* [What needs to be done]:
From the data below, tally each line that has "gravel" in it, then give that tally without comment.

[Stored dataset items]
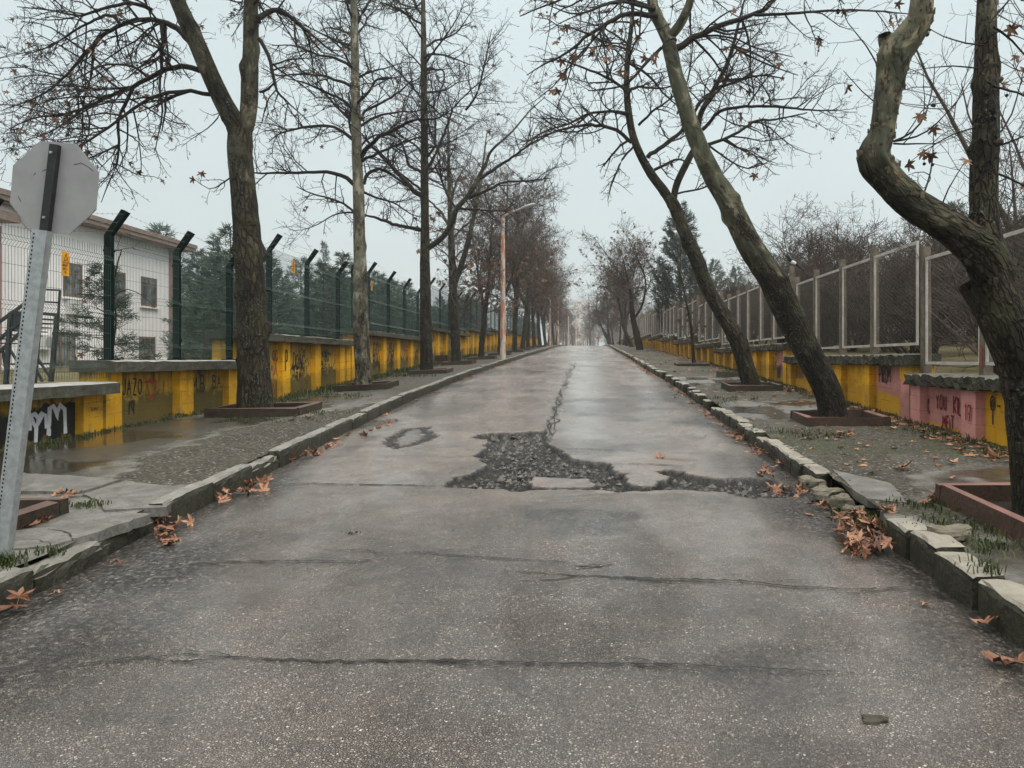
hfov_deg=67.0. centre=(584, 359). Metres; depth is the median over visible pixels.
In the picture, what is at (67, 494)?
fallen leaf
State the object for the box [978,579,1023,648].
kerb stone
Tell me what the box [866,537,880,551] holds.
fallen leaf
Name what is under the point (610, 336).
plane tree
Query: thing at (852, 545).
fallen leaf
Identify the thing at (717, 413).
kerb stone
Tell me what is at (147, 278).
window
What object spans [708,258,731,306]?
pine tree
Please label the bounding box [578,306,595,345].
plane tree
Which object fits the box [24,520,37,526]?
fallen leaf
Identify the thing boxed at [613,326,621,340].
plane tree
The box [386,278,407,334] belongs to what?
young conifer
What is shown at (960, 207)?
pine tree
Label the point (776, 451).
kerb stone
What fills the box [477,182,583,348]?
plane tree
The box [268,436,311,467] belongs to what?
kerb stone
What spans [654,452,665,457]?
fallen leaf
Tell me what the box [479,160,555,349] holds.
plane tree
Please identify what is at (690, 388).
kerb stone
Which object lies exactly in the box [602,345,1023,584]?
pavement
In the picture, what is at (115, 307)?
cedar
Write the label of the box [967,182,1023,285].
bare shrub
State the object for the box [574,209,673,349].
plane tree
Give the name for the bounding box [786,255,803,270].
magpie
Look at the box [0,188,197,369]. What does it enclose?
building
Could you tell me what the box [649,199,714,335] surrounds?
pine tree
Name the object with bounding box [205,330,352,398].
painted wall
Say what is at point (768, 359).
painted wall
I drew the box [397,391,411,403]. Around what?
kerb stone
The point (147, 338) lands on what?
window
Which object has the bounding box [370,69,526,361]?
plane tree
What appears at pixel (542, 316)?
plane tree
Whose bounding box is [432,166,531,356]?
plane tree
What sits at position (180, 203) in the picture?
sky
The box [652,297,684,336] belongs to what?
bare shrub
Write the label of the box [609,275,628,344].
plane tree
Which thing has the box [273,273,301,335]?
pine tree
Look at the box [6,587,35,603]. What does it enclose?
fallen leaf
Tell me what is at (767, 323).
bare shrub
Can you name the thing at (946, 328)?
bare shrub
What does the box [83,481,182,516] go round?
paving slab
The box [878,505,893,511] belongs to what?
fallen leaf
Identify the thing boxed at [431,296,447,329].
pine tree
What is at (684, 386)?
kerb stone
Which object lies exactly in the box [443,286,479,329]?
young conifer
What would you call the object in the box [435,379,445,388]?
kerb stone
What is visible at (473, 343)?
painted wall
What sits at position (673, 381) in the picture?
kerb stone
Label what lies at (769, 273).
plane tree
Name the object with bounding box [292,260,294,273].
warning plate
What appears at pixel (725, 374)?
concrete block
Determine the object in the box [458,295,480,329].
young conifer
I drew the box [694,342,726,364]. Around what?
painted wall
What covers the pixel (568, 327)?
street lamp
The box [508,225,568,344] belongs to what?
plane tree
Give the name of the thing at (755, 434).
kerb stone
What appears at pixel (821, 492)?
kerb rubble
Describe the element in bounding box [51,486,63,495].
fallen leaf
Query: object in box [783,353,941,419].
painted wall
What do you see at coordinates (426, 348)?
plane tree
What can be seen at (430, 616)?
road
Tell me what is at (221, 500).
fallen leaf
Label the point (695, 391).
kerb stone
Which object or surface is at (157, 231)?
pine tree
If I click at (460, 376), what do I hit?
kerb stone
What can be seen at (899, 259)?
bare shrub
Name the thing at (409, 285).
young conifer
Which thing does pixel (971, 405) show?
painted wall
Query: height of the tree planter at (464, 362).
0.319 m
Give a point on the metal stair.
(16, 316)
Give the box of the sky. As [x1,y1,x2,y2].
[0,0,1023,345]
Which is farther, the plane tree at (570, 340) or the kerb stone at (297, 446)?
the plane tree at (570, 340)
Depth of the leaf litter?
11.10 m
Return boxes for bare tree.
[853,0,1023,291]
[925,43,1023,250]
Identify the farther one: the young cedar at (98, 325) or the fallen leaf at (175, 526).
the young cedar at (98, 325)
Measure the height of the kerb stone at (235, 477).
0.310 m
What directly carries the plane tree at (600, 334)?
on the ground
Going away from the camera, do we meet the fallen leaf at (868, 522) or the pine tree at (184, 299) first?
the fallen leaf at (868, 522)
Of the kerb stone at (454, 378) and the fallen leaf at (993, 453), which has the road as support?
the kerb stone at (454, 378)
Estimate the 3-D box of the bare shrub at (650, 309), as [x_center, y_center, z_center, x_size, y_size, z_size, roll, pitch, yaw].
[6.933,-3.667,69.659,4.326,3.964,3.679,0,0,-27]
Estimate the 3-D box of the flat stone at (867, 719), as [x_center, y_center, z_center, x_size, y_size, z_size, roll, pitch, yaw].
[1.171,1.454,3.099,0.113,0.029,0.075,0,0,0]
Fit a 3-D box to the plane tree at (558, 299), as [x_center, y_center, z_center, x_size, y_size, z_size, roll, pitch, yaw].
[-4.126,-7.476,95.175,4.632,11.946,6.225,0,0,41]
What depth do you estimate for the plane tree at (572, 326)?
199.17 m
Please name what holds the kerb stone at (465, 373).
on the road
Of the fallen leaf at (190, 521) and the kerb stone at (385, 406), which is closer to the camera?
the fallen leaf at (190, 521)
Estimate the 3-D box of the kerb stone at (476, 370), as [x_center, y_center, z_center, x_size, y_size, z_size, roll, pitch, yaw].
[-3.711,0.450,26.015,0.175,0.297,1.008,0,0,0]
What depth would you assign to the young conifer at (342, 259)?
35.86 m
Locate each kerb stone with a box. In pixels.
[0,567,33,613]
[28,541,102,594]
[99,517,155,558]
[149,481,212,525]
[203,464,251,501]
[247,455,278,478]
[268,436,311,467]
[304,427,332,449]
[325,418,351,437]
[347,413,366,428]
[359,405,378,421]
[373,400,391,415]
[387,396,402,408]
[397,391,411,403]
[407,388,421,399]
[419,385,430,395]
[427,382,438,391]
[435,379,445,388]
[442,377,451,385]
[449,375,457,382]
[455,373,462,380]
[460,371,467,377]
[465,369,473,376]
[473,368,478,374]
[660,371,666,379]
[666,375,673,383]
[671,378,679,385]
[678,381,685,389]
[681,383,689,393]
[687,387,695,394]
[691,390,700,398]
[696,393,706,405]
[703,399,713,411]
[711,407,719,415]
[714,408,725,418]
[720,410,732,421]
[724,413,737,425]
[730,416,742,428]
[734,418,749,430]
[737,423,752,437]
[744,427,757,441]
[749,429,766,446]
[756,436,771,451]
[763,439,783,458]
[772,444,793,464]
[780,450,802,472]
[790,457,814,479]
[802,464,832,487]
[886,518,926,560]
[910,530,964,579]
[934,552,1004,610]
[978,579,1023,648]
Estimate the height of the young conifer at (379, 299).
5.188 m
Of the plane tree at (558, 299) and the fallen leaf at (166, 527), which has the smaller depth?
the fallen leaf at (166, 527)
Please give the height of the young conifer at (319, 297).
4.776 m
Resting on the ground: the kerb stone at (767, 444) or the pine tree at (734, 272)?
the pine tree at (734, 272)
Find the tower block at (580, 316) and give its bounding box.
[572,300,594,345]
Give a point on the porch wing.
(5, 218)
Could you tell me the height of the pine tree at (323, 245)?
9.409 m
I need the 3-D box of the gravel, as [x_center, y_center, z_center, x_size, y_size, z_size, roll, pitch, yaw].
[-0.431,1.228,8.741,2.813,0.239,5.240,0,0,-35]
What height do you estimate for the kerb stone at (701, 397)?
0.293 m
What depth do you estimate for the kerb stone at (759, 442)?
9.96 m
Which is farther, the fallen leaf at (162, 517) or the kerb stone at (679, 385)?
the kerb stone at (679, 385)
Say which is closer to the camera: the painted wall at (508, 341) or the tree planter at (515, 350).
the tree planter at (515, 350)
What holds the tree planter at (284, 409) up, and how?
on the pavement at (184, 451)
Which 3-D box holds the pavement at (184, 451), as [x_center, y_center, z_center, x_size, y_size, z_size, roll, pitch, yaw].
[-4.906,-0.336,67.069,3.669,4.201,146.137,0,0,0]
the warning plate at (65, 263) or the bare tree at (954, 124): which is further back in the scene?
the bare tree at (954, 124)
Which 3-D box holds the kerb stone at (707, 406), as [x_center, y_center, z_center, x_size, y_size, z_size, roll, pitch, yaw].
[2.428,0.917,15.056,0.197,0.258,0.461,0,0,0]
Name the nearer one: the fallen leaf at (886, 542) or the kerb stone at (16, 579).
the kerb stone at (16, 579)
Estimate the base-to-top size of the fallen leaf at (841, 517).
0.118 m
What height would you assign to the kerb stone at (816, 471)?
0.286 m
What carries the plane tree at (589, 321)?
on the ground
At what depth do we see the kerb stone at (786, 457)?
8.51 m
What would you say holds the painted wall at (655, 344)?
on the ground
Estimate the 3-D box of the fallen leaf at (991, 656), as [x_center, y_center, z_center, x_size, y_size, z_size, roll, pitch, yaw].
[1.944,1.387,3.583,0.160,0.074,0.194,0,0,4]
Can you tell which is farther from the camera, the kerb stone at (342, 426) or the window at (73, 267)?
the window at (73, 267)
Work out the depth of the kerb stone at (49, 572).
4.91 m
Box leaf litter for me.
[318,351,1008,477]
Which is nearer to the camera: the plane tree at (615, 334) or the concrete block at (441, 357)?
the concrete block at (441, 357)
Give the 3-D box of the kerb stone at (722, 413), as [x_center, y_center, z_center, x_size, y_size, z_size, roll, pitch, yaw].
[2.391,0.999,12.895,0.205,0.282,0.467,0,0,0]
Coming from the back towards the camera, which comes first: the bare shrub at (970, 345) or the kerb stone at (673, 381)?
the kerb stone at (673, 381)
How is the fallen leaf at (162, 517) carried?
on the road
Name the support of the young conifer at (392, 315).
on the ground
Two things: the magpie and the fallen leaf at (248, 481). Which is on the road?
the fallen leaf at (248, 481)
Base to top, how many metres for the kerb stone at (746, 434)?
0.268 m
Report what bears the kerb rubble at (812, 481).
on the road
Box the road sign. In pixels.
[0,141,98,555]
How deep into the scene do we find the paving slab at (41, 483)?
6.98 m
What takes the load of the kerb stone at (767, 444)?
on the road
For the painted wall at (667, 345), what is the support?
on the ground
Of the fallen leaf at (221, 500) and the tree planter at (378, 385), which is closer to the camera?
the fallen leaf at (221, 500)
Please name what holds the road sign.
on the pavement at (184, 451)
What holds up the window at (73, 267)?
in the building
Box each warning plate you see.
[62,251,68,275]
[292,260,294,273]
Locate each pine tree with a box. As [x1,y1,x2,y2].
[144,220,195,302]
[157,248,216,354]
[182,252,233,347]
[273,255,322,330]
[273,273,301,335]
[313,240,330,317]
[398,292,419,335]
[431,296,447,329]
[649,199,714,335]
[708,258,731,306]
[723,264,743,299]
[924,200,967,261]
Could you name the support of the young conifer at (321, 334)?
on the ground
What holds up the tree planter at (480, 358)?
on the pavement at (184, 451)
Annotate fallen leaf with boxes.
[0,602,27,610]
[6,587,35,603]
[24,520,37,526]
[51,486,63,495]
[60,490,73,497]
[152,524,175,530]
[154,527,162,534]
[155,511,172,521]
[155,533,170,540]
[165,518,180,530]
[167,534,181,540]
[181,513,194,525]
[214,492,230,499]
[218,494,230,502]
[244,478,256,484]
[256,475,266,484]
[259,481,269,491]
[289,454,296,460]
[311,448,320,455]
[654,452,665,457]
[771,483,783,495]
[793,488,801,496]
[833,524,846,533]
[836,534,845,542]
[838,511,849,524]
[842,536,857,550]
[846,529,855,537]
[849,519,857,531]
[851,529,864,542]
[854,549,870,559]
[858,518,874,523]
[862,528,876,536]
[865,532,879,549]
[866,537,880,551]
[871,529,887,543]
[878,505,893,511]
[879,535,892,549]
[897,460,913,467]
[918,498,930,503]
[970,616,997,623]
[980,651,1023,664]
[988,446,1007,457]
[1002,652,1023,663]
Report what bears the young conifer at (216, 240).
on the ground
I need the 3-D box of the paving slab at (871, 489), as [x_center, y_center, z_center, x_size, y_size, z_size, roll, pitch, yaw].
[2.583,1.167,6.951,0.399,0.138,1.408,0,0,7]
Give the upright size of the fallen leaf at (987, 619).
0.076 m
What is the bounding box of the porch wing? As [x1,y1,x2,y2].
[0,206,20,370]
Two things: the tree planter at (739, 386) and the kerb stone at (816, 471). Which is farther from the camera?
the tree planter at (739, 386)
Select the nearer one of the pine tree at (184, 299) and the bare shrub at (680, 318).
the pine tree at (184, 299)
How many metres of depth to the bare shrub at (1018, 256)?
14.15 m
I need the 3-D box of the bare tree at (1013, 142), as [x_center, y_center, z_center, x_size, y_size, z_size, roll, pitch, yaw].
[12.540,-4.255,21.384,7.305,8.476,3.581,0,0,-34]
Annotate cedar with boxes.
[49,261,163,370]
[74,229,157,362]
[166,299,225,359]
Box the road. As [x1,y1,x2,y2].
[0,346,1023,767]
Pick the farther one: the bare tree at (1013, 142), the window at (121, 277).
the window at (121, 277)
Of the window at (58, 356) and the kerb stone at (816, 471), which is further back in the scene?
the window at (58, 356)
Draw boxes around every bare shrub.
[638,299,665,335]
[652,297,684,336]
[659,295,716,338]
[672,284,727,341]
[691,257,786,343]
[693,270,758,334]
[708,285,767,343]
[710,219,860,338]
[717,275,754,331]
[729,269,824,342]
[734,272,821,342]
[753,191,907,345]
[756,244,899,349]
[784,246,919,351]
[790,220,1023,351]
[801,209,926,344]
[812,246,976,353]
[858,227,974,353]
[862,229,974,338]
[879,168,1023,351]
[879,192,1023,374]
[883,257,970,343]
[901,179,1021,345]
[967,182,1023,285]
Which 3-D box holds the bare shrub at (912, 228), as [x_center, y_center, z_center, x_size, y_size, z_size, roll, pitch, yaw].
[11.059,-2.195,19.958,5.363,4.317,6.071,0,0,23]
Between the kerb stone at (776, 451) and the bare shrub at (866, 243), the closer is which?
the kerb stone at (776, 451)
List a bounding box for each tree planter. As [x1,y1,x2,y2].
[16,498,68,529]
[204,401,321,417]
[334,380,398,391]
[407,367,452,374]
[441,360,475,365]
[467,355,496,359]
[488,352,511,355]
[506,350,524,351]
[674,362,709,365]
[721,382,782,391]
[790,410,891,426]
[935,482,1023,545]
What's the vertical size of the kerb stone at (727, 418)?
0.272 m
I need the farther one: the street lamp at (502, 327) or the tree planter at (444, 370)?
the street lamp at (502, 327)
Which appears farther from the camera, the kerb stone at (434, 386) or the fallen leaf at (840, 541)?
the kerb stone at (434, 386)
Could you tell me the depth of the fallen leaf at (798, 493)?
7.14 m
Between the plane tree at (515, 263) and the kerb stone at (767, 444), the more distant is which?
the plane tree at (515, 263)
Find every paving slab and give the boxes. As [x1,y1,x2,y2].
[14,512,149,557]
[21,473,120,493]
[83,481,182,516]
[833,469,906,508]
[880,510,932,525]
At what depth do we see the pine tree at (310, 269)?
47.83 m
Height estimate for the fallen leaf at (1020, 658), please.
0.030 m
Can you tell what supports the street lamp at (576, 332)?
on the road
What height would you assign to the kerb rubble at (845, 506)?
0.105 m
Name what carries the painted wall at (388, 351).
on the ground
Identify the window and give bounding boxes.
[52,332,75,366]
[62,263,86,300]
[114,272,125,304]
[139,336,155,359]
[140,276,159,309]
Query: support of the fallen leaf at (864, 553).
on the road
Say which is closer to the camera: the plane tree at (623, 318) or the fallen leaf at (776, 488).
the fallen leaf at (776, 488)
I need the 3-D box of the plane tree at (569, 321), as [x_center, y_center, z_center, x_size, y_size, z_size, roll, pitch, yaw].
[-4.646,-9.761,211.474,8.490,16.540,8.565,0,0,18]
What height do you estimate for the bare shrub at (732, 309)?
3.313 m
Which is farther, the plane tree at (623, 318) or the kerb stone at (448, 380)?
the plane tree at (623, 318)
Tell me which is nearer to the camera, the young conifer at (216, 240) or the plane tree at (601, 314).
the young conifer at (216, 240)
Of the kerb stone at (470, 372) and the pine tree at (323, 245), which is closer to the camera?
the kerb stone at (470, 372)
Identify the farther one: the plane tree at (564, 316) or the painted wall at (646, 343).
the plane tree at (564, 316)
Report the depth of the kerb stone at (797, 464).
8.10 m
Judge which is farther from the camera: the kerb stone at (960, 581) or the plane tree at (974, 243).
the plane tree at (974, 243)
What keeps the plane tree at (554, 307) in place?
on the pavement at (184, 451)
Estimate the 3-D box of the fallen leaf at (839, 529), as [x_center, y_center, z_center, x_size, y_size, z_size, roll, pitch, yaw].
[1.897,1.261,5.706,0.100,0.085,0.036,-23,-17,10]
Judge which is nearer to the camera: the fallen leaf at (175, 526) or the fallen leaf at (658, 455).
the fallen leaf at (175, 526)
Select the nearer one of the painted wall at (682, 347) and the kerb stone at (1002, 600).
the kerb stone at (1002, 600)
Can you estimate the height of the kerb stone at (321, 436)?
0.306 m
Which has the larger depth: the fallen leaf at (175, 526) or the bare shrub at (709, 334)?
the bare shrub at (709, 334)
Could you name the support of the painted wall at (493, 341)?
on the ground
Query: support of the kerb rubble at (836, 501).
on the road
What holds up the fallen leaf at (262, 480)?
on the road
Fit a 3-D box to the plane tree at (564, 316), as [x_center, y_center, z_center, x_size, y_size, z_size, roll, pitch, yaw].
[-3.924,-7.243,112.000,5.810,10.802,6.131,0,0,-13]
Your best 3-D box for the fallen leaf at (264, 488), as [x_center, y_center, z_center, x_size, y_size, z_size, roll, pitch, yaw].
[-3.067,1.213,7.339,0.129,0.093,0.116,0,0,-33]
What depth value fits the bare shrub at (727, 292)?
36.73 m
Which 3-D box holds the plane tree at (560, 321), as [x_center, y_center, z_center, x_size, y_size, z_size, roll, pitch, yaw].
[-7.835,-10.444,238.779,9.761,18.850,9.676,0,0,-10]
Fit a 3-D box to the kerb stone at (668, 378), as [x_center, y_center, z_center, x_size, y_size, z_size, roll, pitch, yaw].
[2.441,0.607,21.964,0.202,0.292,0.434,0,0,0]
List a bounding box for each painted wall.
[0,381,119,449]
[69,360,236,429]
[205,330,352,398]
[335,328,433,379]
[419,326,470,361]
[460,327,492,353]
[487,328,509,350]
[506,330,521,348]
[641,335,650,347]
[648,335,665,350]
[659,336,681,353]
[673,337,703,357]
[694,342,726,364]
[714,343,793,384]
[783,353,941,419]
[903,373,1007,446]
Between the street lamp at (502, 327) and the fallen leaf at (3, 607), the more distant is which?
the street lamp at (502, 327)
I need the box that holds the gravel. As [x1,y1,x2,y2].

* [Exercise output]:
2